Ilie Ciocan, el veterano de la Segunda Guerra Mundial más longevo, murió a los 112 años en Rumania. Era, además, el segundo hombre más viejo en todo el planeta, según registros de superlongevidad. En su país, sin embargo, lo defendían como el número uno en esa lista.
Ciocan nació el 10 de junio de 1913 en Galicea, Rumania. Fue testigo de la Primera Guerra Mundial, en la que su país se declaró inicialmente neutral y luego se sumó a la Triple Entente. Con la caída de los derrotados Imperio Austrohúngaro e Imperio Ruso, Rumania sumó territorios como Transilvania.
Si los últimos estertores de la guerra le quedaron impresos en la memoria como flashes de infancia, fue la muerte de su padre, a los 6 años, y de su madre, a los 12, los que empezaron a marcarlo en días sumergido en la pobreza.
La Segunda Guerra, en cambio, la sintió en cuerpo propio. Ciocan formó parte del Ejército del Reino de Rumania, que tras otra etapa de neutralidad en 1940 pasó a integrar el Eje, liderado por la Alemania nazi, la Italia fascista y Japón.
Ciocan formaba parte del 6º Regimiento de Artillería de Pitesti. En 1941 lo mandaron al frente. Tenía 27 años. Fue artillero y mensajero entre la batería y el campo de batalla, en Hungría, Checoslovaquia y el Frente del Don, en Rusia. Llevaban alimentos y también artillería. Eran cabalgatas de hasta un día y medio.
Ese recuerdo fue el que lo marcó durante toda su vida y que lo hizo el más célebre entre los 3.200 habitantes de Galicea. Hasta este miércoles 27 de mayo, cuando su familia y el alcalde confirmaron su muerte.
"Pasé cuatro años en el frente, como artillero, pero nunca maté a nadie. Recuerdo haber derribado un avión enemigo mientras todos disparaban con ametralladoras. Pensé que si iba a morir, moriría de todos modos", rememoró hace cuatro años en el diario rumano Adevarul.
"Luche en ambos frentes, pero las balas me esquivaron. El caballo me salvó de la muerte muchas veces. Era fiel; cada vez que iba a buscar munición, relinchaba y sacudía la cabeza. Era como si hiciera la señal de la cruz... tres veces. Parecía que rezaba, que rezaba para que no nos pasara nada malo", añadió ese medio, que reconstruyó esos años con los recuerdos de Ciocan.
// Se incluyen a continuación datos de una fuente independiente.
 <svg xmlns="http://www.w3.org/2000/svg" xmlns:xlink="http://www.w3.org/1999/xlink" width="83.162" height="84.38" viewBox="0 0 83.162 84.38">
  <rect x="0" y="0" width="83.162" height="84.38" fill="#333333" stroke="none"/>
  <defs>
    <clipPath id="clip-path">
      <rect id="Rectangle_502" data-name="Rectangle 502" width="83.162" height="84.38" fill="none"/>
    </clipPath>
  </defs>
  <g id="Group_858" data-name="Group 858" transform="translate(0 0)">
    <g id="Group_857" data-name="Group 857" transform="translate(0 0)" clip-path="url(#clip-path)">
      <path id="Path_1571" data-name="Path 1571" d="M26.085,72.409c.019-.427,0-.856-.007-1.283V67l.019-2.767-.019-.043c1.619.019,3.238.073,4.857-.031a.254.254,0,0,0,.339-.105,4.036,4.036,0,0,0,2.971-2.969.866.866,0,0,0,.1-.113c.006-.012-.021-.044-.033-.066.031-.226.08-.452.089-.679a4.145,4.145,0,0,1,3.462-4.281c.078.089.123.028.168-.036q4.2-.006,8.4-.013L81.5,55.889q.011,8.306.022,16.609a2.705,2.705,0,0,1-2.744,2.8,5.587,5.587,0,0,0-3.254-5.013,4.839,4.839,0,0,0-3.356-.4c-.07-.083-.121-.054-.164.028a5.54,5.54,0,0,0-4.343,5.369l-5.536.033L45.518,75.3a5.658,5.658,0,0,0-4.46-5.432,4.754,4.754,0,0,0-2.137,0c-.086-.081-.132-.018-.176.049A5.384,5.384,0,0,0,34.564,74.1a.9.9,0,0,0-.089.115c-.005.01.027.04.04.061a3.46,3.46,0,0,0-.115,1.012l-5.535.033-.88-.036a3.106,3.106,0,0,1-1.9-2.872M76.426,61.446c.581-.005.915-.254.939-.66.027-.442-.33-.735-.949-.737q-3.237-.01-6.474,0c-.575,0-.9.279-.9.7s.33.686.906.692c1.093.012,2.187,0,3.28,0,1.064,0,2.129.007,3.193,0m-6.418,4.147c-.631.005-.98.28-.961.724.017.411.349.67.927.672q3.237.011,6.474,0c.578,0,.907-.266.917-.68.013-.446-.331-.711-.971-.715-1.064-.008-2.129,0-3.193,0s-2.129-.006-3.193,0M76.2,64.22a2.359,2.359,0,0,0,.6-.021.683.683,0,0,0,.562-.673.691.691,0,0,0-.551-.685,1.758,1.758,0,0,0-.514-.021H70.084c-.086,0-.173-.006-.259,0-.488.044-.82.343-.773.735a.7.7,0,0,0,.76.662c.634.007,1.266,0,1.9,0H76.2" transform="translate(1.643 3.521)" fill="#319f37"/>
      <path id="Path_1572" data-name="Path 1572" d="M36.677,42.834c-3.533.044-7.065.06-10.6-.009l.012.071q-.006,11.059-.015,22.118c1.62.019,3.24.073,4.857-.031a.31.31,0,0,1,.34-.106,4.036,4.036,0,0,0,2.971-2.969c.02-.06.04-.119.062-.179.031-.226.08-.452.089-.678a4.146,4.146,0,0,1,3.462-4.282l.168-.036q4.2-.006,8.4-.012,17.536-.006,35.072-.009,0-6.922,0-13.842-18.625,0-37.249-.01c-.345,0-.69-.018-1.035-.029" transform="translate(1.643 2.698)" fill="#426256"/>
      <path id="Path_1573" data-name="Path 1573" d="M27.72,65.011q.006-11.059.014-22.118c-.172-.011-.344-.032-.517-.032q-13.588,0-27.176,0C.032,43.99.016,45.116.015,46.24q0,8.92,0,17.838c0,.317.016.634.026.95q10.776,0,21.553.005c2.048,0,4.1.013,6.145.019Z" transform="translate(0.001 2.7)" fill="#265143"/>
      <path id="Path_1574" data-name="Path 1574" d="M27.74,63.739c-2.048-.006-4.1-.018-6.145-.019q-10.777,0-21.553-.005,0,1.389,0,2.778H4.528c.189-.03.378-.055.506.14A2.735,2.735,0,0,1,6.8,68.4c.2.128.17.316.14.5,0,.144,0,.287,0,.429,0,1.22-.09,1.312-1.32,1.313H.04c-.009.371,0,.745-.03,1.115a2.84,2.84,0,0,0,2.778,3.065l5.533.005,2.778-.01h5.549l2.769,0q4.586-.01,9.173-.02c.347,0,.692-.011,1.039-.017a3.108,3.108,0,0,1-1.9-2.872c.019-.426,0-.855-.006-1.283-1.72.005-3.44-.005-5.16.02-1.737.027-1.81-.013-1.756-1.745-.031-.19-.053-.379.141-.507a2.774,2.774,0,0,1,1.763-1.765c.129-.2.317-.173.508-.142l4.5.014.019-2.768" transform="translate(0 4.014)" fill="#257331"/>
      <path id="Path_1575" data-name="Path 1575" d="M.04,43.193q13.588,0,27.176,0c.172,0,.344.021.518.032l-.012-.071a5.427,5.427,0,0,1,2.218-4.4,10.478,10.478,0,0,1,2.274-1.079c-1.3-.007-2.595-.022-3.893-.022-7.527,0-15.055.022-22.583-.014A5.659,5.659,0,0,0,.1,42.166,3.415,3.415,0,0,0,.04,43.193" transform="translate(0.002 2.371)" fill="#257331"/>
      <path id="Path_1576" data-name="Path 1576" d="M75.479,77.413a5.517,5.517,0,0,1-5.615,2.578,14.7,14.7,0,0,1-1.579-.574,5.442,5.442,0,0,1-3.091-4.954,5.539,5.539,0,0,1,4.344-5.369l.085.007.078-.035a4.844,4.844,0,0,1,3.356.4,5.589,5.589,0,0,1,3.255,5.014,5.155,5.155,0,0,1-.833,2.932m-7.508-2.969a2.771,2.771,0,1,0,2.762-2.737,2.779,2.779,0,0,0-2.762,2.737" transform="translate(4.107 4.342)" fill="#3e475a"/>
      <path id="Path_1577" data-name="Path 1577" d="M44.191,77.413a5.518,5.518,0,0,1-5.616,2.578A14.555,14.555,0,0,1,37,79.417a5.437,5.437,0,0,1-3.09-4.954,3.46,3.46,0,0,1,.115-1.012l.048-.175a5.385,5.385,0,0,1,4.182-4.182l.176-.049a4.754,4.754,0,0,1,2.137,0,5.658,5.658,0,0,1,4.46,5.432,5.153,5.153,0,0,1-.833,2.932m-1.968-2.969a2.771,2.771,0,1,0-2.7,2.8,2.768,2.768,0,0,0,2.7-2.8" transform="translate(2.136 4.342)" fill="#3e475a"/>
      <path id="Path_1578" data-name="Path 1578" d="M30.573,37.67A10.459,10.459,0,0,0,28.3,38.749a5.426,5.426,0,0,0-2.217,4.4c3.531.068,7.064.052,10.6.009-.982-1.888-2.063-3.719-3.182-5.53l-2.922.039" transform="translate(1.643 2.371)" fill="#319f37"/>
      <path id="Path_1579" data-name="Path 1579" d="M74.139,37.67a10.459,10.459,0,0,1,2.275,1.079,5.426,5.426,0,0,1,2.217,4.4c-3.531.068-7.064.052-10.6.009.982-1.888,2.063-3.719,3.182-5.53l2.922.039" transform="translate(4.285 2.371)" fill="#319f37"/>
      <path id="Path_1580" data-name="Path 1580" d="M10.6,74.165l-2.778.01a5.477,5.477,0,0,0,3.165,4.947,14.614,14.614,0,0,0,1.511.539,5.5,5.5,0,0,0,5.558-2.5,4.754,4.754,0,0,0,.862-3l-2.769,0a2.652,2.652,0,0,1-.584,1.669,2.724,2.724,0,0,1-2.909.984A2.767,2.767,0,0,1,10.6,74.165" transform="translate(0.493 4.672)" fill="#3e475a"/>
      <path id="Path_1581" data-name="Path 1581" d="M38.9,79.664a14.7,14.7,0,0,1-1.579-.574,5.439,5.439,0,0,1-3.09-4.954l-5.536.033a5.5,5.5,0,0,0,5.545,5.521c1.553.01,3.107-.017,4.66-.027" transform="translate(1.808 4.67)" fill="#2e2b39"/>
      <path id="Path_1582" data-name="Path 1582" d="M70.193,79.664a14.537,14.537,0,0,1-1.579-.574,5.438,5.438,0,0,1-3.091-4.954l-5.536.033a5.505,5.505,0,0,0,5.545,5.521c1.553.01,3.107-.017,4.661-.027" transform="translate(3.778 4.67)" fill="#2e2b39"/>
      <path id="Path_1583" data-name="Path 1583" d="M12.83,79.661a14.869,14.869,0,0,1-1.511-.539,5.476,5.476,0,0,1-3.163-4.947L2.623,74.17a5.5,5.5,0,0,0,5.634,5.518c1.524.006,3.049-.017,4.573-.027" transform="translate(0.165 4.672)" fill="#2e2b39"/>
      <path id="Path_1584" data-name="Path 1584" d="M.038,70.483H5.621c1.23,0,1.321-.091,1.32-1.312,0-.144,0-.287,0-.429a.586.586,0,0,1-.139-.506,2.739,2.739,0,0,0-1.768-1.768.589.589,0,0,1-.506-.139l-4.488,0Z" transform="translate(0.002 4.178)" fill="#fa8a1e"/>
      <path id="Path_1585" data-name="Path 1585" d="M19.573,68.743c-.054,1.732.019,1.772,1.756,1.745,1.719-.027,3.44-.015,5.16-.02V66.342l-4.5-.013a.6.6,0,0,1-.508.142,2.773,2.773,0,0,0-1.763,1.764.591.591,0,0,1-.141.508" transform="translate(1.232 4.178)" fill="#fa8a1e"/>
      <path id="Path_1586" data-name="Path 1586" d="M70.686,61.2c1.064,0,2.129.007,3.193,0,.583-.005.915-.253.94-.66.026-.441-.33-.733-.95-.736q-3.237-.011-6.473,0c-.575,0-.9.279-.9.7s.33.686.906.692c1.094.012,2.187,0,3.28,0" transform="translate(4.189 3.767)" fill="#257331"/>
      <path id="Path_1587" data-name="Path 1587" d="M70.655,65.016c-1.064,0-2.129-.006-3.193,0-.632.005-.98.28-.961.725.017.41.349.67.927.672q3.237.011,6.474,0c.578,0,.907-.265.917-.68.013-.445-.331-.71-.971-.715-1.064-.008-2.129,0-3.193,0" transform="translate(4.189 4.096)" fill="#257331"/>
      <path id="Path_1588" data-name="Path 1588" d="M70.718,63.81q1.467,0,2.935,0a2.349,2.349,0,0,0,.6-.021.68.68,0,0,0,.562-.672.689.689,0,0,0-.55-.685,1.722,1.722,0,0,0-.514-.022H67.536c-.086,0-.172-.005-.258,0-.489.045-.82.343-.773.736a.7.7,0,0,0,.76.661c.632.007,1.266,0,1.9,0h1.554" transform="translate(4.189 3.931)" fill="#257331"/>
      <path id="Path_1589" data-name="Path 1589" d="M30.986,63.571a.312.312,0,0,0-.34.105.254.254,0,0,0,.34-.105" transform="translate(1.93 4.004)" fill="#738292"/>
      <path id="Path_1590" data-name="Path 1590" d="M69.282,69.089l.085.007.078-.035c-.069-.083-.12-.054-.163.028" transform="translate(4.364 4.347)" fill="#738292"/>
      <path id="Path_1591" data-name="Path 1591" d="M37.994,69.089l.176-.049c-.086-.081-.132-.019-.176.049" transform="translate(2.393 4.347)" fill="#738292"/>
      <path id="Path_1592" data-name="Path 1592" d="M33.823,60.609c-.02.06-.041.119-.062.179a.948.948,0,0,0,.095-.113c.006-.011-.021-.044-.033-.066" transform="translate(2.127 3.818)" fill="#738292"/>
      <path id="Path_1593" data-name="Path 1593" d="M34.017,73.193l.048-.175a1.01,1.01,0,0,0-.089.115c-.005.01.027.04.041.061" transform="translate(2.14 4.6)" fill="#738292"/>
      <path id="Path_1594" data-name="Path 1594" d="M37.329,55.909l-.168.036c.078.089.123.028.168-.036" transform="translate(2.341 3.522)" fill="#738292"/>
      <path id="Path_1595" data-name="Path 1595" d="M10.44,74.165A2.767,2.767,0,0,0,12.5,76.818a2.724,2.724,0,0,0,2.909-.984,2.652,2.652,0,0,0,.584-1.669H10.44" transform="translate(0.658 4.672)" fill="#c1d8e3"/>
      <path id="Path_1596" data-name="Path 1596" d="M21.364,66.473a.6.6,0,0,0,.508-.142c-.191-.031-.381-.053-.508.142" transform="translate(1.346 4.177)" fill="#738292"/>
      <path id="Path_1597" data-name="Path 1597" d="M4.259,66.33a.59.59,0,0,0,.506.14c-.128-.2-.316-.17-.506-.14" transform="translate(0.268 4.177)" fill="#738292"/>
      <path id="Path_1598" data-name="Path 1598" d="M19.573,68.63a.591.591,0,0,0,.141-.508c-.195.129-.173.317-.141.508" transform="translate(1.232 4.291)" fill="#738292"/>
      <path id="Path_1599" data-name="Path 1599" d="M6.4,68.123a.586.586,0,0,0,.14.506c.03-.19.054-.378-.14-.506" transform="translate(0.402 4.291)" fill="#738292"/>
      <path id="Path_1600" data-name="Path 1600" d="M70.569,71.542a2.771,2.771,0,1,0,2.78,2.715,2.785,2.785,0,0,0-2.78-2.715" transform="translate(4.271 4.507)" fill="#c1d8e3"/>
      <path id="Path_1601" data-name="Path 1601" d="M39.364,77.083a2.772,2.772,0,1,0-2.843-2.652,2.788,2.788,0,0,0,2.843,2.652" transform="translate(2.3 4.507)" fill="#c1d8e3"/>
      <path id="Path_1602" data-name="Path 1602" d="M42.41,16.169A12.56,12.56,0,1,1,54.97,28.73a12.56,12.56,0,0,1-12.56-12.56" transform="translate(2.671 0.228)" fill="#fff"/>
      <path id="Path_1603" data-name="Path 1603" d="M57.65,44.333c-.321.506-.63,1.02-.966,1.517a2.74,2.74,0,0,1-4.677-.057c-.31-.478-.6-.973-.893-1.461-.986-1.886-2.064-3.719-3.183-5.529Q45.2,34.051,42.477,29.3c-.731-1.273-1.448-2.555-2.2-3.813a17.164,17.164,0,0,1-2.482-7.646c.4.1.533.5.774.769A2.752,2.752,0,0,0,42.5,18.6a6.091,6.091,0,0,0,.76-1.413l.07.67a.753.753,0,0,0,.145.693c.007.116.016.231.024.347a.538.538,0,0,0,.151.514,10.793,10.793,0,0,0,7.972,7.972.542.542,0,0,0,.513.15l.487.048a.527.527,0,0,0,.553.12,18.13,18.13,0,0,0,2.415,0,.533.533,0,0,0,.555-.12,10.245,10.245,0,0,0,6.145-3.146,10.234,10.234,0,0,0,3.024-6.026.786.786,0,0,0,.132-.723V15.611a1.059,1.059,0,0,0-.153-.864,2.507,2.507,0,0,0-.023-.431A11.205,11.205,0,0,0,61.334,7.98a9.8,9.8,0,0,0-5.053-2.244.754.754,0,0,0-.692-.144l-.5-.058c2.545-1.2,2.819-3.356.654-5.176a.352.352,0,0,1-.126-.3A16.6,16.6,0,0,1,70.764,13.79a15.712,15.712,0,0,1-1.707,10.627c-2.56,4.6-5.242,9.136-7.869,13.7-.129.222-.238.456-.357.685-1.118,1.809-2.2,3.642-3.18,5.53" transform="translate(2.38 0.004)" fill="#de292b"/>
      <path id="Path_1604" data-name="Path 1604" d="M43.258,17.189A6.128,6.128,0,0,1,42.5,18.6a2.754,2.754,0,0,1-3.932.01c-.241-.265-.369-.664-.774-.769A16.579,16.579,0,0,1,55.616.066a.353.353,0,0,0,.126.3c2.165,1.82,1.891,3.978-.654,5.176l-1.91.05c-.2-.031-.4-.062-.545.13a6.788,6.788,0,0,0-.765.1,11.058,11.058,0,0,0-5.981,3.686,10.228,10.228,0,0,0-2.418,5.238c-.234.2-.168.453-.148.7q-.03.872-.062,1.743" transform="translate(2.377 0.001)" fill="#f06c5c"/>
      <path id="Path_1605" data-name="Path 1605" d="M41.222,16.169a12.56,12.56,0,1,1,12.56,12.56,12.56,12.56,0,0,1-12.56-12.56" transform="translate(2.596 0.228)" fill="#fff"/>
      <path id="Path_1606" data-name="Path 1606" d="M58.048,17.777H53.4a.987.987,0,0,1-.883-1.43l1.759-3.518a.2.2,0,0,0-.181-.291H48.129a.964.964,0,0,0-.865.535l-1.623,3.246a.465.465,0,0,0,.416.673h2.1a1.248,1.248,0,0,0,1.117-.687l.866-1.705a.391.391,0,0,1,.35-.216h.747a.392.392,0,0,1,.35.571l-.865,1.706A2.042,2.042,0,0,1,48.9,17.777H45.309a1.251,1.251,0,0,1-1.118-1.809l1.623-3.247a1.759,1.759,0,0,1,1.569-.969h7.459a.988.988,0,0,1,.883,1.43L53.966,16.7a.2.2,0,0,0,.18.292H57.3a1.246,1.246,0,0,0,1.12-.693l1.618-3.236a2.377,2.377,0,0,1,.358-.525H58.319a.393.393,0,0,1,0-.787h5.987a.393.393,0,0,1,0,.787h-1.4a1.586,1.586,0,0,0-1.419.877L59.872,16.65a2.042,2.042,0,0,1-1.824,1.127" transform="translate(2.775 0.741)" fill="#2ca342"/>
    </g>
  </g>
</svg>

Aseguraba que siempre llevaba un rifle, pero que nunca le había disparado a otra persona.
Ciocan era integrante del club de los superlongevos. Además de ser el veterano de la Segunda Guerra Mundial más viejo, era el rumano más longevo en los registros de toda la historia de ese país. Y, de acuerdo a relevamientos, era la segunda persona más longeva del planeta, sólo por detrás del brasileño João Marinho Neto.
Neto tiene este viernes 113 años y 236 días. Cuando murió, Ciocan tenía 112 años y 351 días. Sin embargo, eso estaba en disputa: en Rumania aseguraban que su más que centenario poblador tenía documentos que probaban su edad exacta y que, en cambio, aún no se podía verificar el dato de Neto.
Primero o segundo en la lista, su longevidad llamaba la atención y estaba bajo el análisis de estudiosos de gerentología, mientras pasaba sus últimos años bajo el cuidado de sus nietos. Comía sano. Al volverse un hombre centenario se quedó sin dientes y tuvo que mantener dieta con carne picada y frutas y verduras jugosas.
Se mantuvo muy activo hasta los 90 años. Hasta esa edad anduvo en bicicleta, medio que utilizó durante décadas para ir y venir de su empleo. Tras la guerra, trabajó en la Dirección de Rutas y Puentes. Esos primeros años tras el conflicto bélico fueron muy duros: se alimentaba con sopa de alfalfa. También fue pescador y trabajó en las montañas.
Su familia recordaba que la fe ayudó a mantenerse con buena salud. A los 103 años seguía leyendo sin anteojos la Biblia. Aunque después empezó la oscuridad. En los últimos años sólo reconocía sombras e identificaba a sus seres queridos por el tacto. "Tocando nuestra ropa y nuestros rostros", dijo una nieta.
Además de los problemas de vistas, los separaban de ellos varias generaciones de diferencia y varios mundos de distancia.